▶ TASK BRIEF:
Locate the line containing "L 275.547 256.72" in the material below; repeat it and every line after it, exactly as written.

^^^^

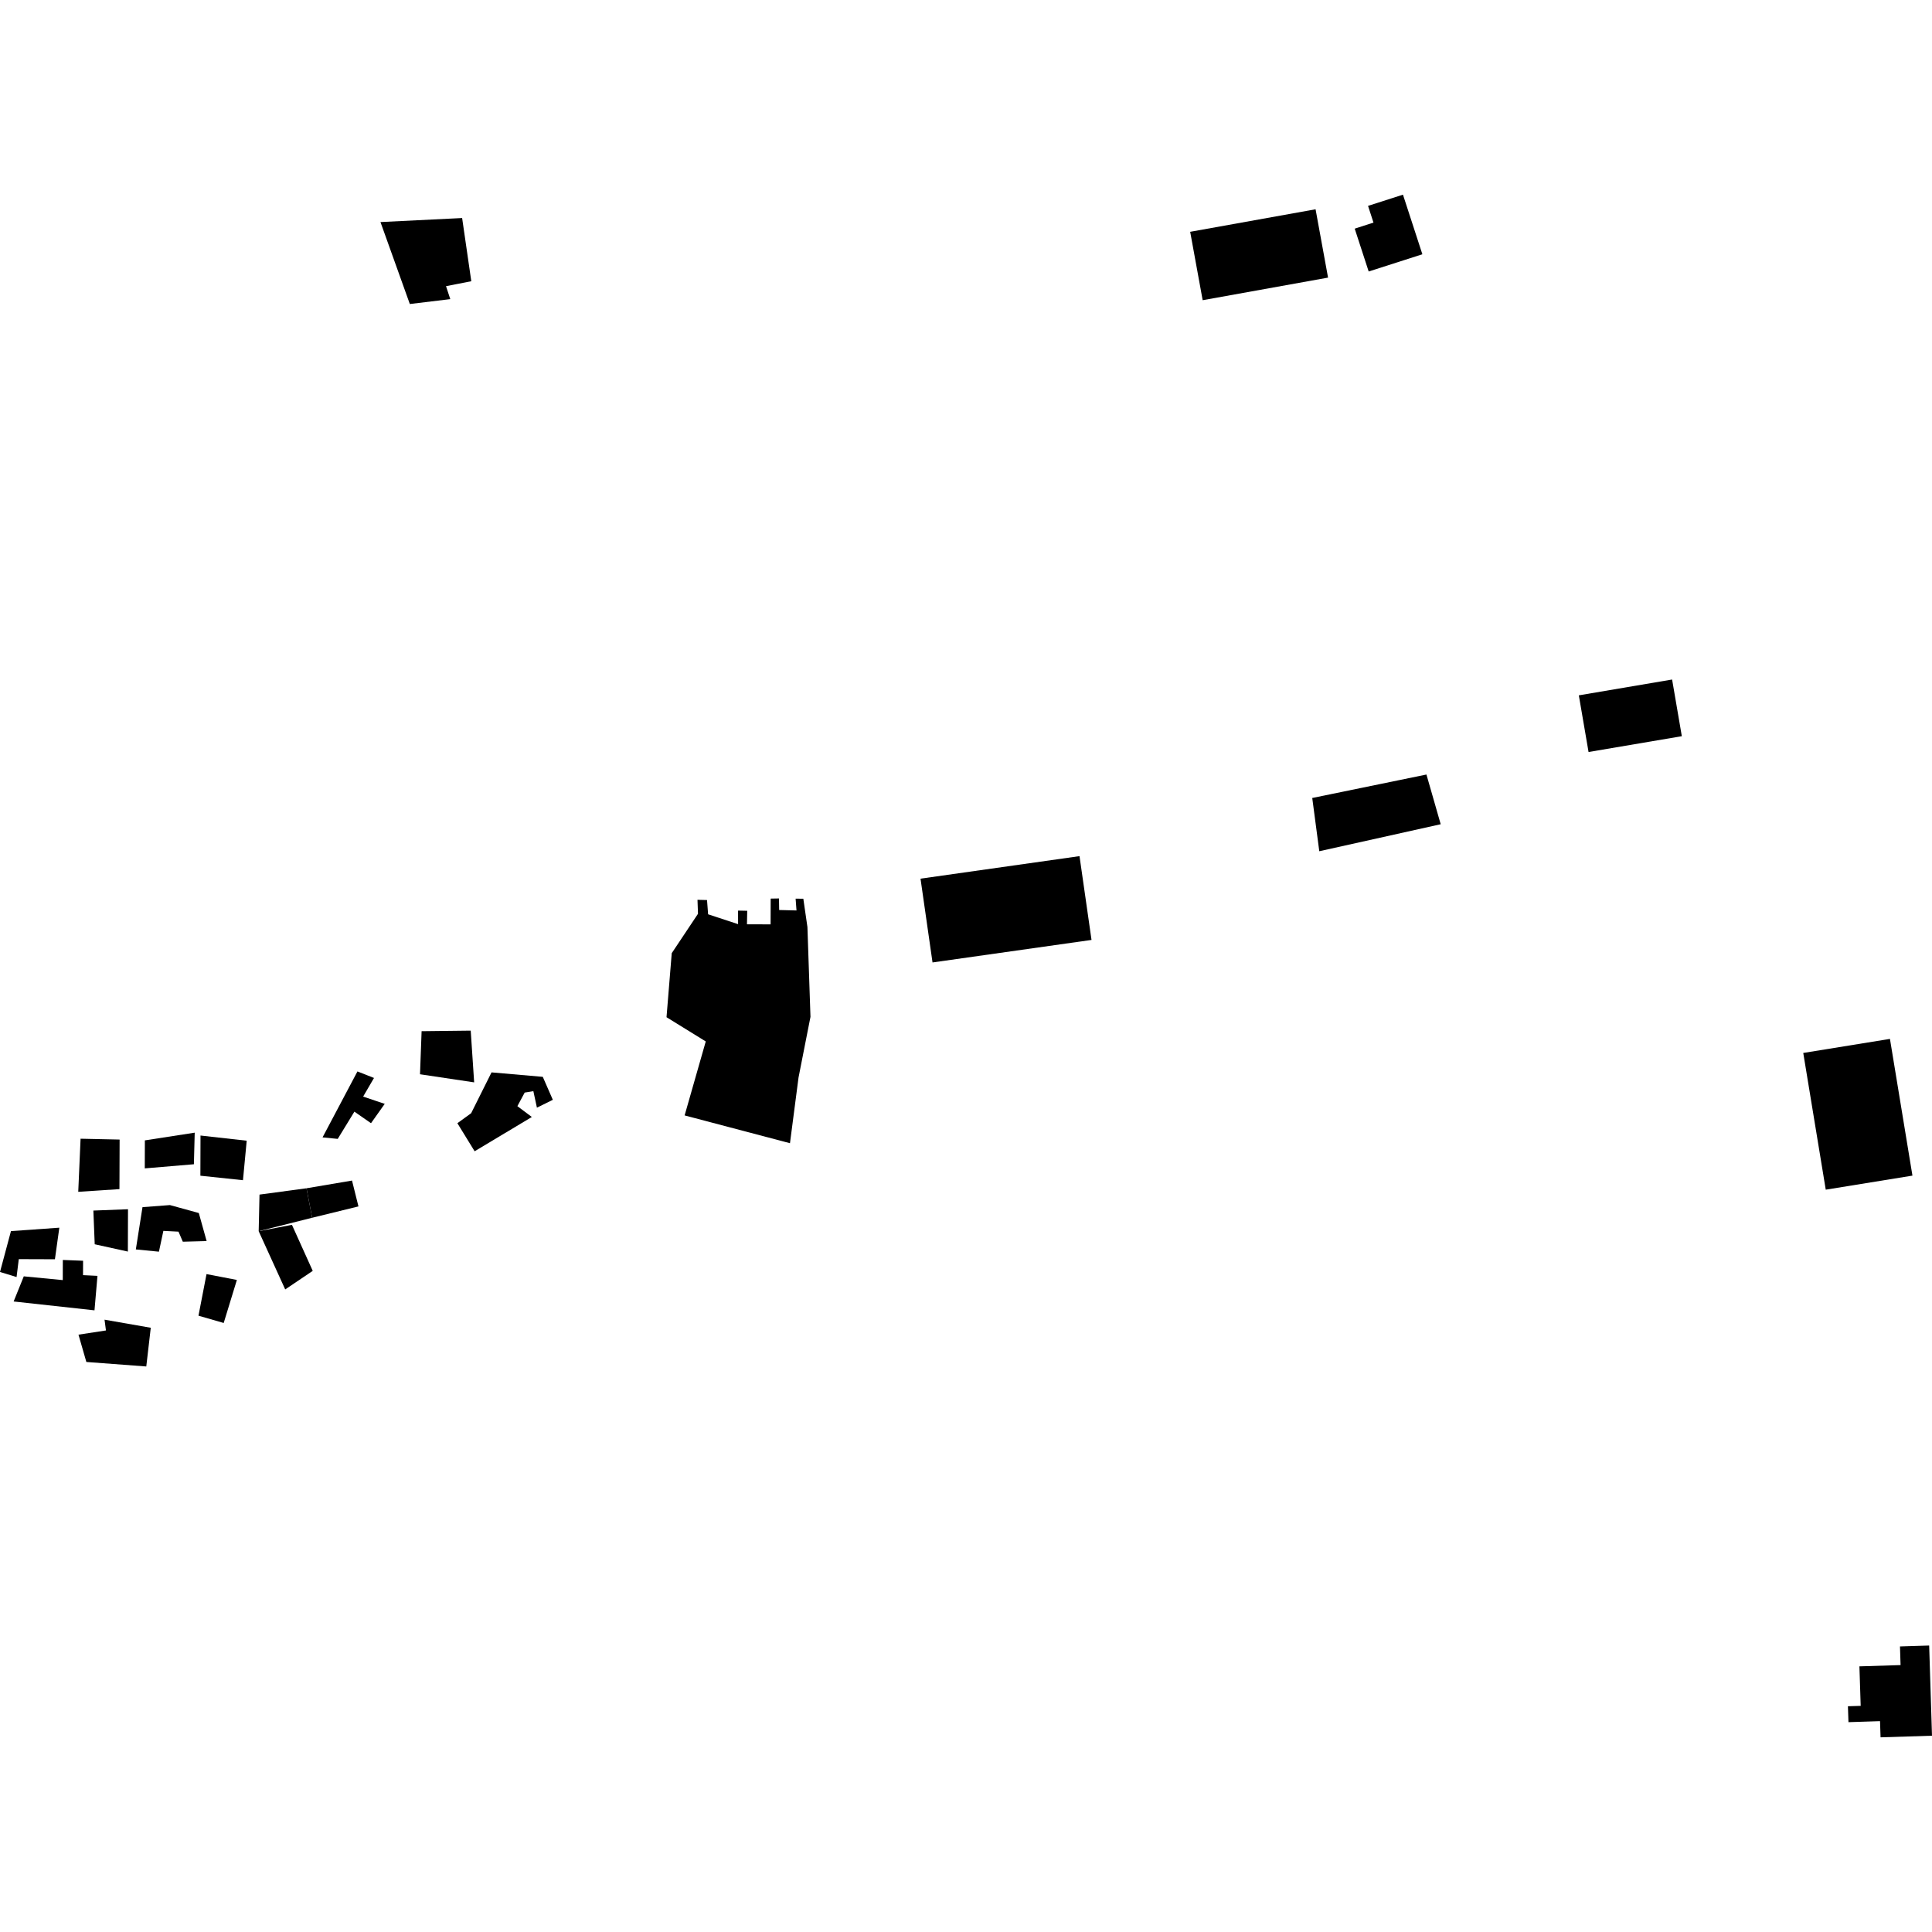 <?xml version="1.0" encoding="utf-8" standalone="no"?>
<!DOCTYPE svg PUBLIC "-//W3C//DTD SVG 1.1//EN"
  "http://www.w3.org/Graphics/SVG/1.1/DTD/svg11.dtd">
<!-- Created with matplotlib (https://matplotlib.org/) -->
<svg height="288pt" version="1.1" viewBox="0 0 288 288" width="288pt" xmlns="http://www.w3.org/2000/svg" xmlns:xlink="http://www.w3.org/1999/xlink">
 <defs>
  <style type="text/css">
*{stroke-linecap:butt;stroke-linejoin:round;}
  </style>
 </defs>
 <g id="figure_1">
  <g id="patch_1">
   <path d="M 0 288 
L 288 288 
L 288 0 
L 0 0 
z
" style="fill:none;opacity:0;"/>
  </g>
  <g id="axes_1">
   <g id="PatchCollection_1">
    <path clip-path="url(#pefd7951fa0)" d="M 117.76 170.417 
L 119.036 160.623 
L 120.816 151.58 
L 120.362 138.187 
L 119.75 133.968 
L 118.602 133.964 
L 118.733 135.72 
L 116.148 135.653 
L 116.121 133.931 
L 114.885 133.952 
L 114.872 137.795 
L 111.348 137.783 
L 111.387 135.77 
L 110.022 135.741 
L 110.024 137.762 
L 105.557 136.292 
L 105.395 134.17 
L 103.974 134.132 
L 104.048 136.22 
L 100.135 142.088 
L 99.357 151.634 
L 105.206 155.246 
L 102.055 166.273 
L 117.76 170.417 
"/>
    <path clip-path="url(#pefd7951fa0)" d="M 139.01 143.471 
L 162.711 140.114 
L 160.921 127.623 
L 137.22 130.981 
L 139.01 143.471 
"/>
    <path clip-path="url(#pefd7951fa0)" d="M 56.716 33.103 
L 61.092 45.319 
L 67.123 44.59 
L 66.487 42.658 
L 70.255 41.922 
L 68.889 32.502 
L 56.716 33.103 
"/>
    <path clip-path="url(#pefd7951fa0)" d="M 43.518 182.583 
L 46.619 189.447 
L 42.515 192.212 
L 38.562 183.532 
L 43.518 182.583 
"/>
    <path clip-path="url(#pefd7951fa0)" d="M 45.688 177.134 
L 46.532 181.529 
L 38.562 183.532 
L 38.684 178.076 
L 45.688 177.134 
"/>
    <path clip-path="url(#pefd7951fa0)" d="M 52.475 175.984 
L 53.434 179.838 
L 46.532 181.529 
L 45.688 177.134 
L 52.475 175.984 
"/>
    <path clip-path="url(#pefd7951fa0)" d="M 36.776 170.043 
L 36.219 175.93 
L 29.871 175.261 
L 29.89 169.272 
L 36.776 170.043 
"/>
    <path clip-path="url(#pefd7951fa0)" d="M 21.595 169.994 
L 29.025 168.845 
L 28.905 173.553 
L 21.581 174.169 
L 21.595 169.994 
"/>
    <path clip-path="url(#pefd7951fa0)" d="M 53.283 159.717 
L 48.081 169.548 
L 50.344 169.772 
L 52.83 165.713 
L 55.305 167.434 
L 57.353 164.547 
L 54.13 163.471 
L 55.752 160.69 
L 53.283 159.717 
"/>
    <path clip-path="url(#pefd7951fa0)" d="M 30.786 189.928 
L 29.586 196.129 
L 33.347 197.214 
L 35.311 190.799 
L 30.786 189.928 
"/>
    <path clip-path="url(#pefd7951fa0)" d="M 22.475 197.927 
L 15.583 196.723 
L 15.794 198.329 
L 11.698 198.956 
L 12.873 203.027 
L 21.806 203.697 
L 22.475 197.927 
"/>
    <path clip-path="url(#pefd7951fa0)" d="M 2.033 194.009 
L 14.086 195.329 
L 14.529 190.19 
L 12.377 190.083 
L 12.385 187.938 
L 9.366 187.82 
L 9.357 190.822 
L 3.546 190.262 
L 2.033 194.009 
"/>
    <path clip-path="url(#pefd7951fa0)" d="M 13.918 180.457 
L 14.119 185.481 
L 19.06 186.57 
L 19.081 180.258 
L 13.918 180.457 
"/>
    <path clip-path="url(#pefd7951fa0)" d="M 8.844 183.01 
L 1.634 183.519 
L 0 189.61 
L 2.47 190.367 
L 2.8 187.698 
L 8.187 187.716 
L 8.844 183.01 
"/>
    <path clip-path="url(#pefd7951fa0)" d="M 12.011 169.746 
L 11.664 177.663 
L 17.806 177.259 
L 17.831 169.873 
L 12.011 169.746 
"/>
    <path clip-path="url(#pefd7951fa0)" d="M 29.636 180.824 
L 30.802 185.004 
L 27.253 185.1 
L 26.608 183.601 
L 24.353 183.485 
L 23.692 186.586 
L 20.249 186.25 
L 21.241 179.949 
L 25.329 179.638 
L 29.636 180.824 
"/>
    <path clip-path="url(#pefd7951fa0)" d="M 73.272 159.858 
L 70.233 165.945 
L 68.181 167.435 
L 70.753 171.619 
L 79.279 166.506 
L 77.125 164.894 
L 78.215 162.868 
L 79.508 162.656 
L 80.038 165.12 
L 82.41 163.947 
L 80.912 160.523 
L 73.272 159.858 
"/>
    <path clip-path="url(#pefd7951fa0)" d="M 70.682 161.346 
L 62.61 160.139 
L 62.848 153.719 
L 70.169 153.634 
L 70.682 161.346 
"/>
    <path clip-path="url(#pefd7951fa0)" d="M 268.808 156.962 
L 281.732 154.867 
L 285.085 175.248 
L 272.162 177.343 
L 268.808 156.962 
"/>
    <path clip-path="url(#pefd7951fa0)" d="M 197.971 41.384 
L 179.279 44.75 
L 177.418 34.555 
L 196.11 31.197 
L 197.971 41.384 
"/>
    <path clip-path="url(#pefd7951fa0)" d="M 209.138 29.019 
L 212.031 37.903 
L 204.027 40.472 
L 201.945 34.086 
L 204.741 33.18 
L 203.931 30.69 
L 209.138 29.019 
"/>
    <path clip-path="url(#pefd7951fa0)" d="M 195.614 118.954 
L 212.637 115.458 
L 214.764 122.867 
L 196.664 126.892 
L 195.614 118.954 
"/>
    <path clip-path="url(#pefd7951fa0)" d="M 235.354 103.654 
L 249.258 101.296 
L 250.707 109.743 
L 236.803 112.101 
L 235.354 103.654 
"/>
    <path clip-path="url(#pefd7951fa0)" d="M 287.578 245.297 
L 288 258.74 
L 280.333 258.981 
L 280.252 256.569 
L 275.547 256.72 
L 275.467 254.349 
L 277.369 254.289 
L 277.18 248.399 
L 277.991 248.377 
L 283.314 248.211 
L 283.227 245.433 
L 287.578 245.297 
"/>
   </g>
  </g>
 </g>
 <defs>
  <clipPath id="pefd7951fa0">
   <rect height="229.962" width="288" x="0" y="29.019"/>
  </clipPath>
 </defs>
</svg>

^^^^

▶ ANSWER AREA:
L 275.547 256.72 
L 275.467 254.349 
L 277.369 254.289 
L 277.18 248.399 
L 277.991 248.377 
L 283.314 248.211 
L 283.227 245.433 
L 287.578 245.297 
"/>
   </g>
  </g>
 </g>
 <defs>
  <clipPath id="pefd7951fa0">
   <rect height="229.962" width="288" x="0" y="29.019"/>
  </clipPath>
 </defs>
</svg>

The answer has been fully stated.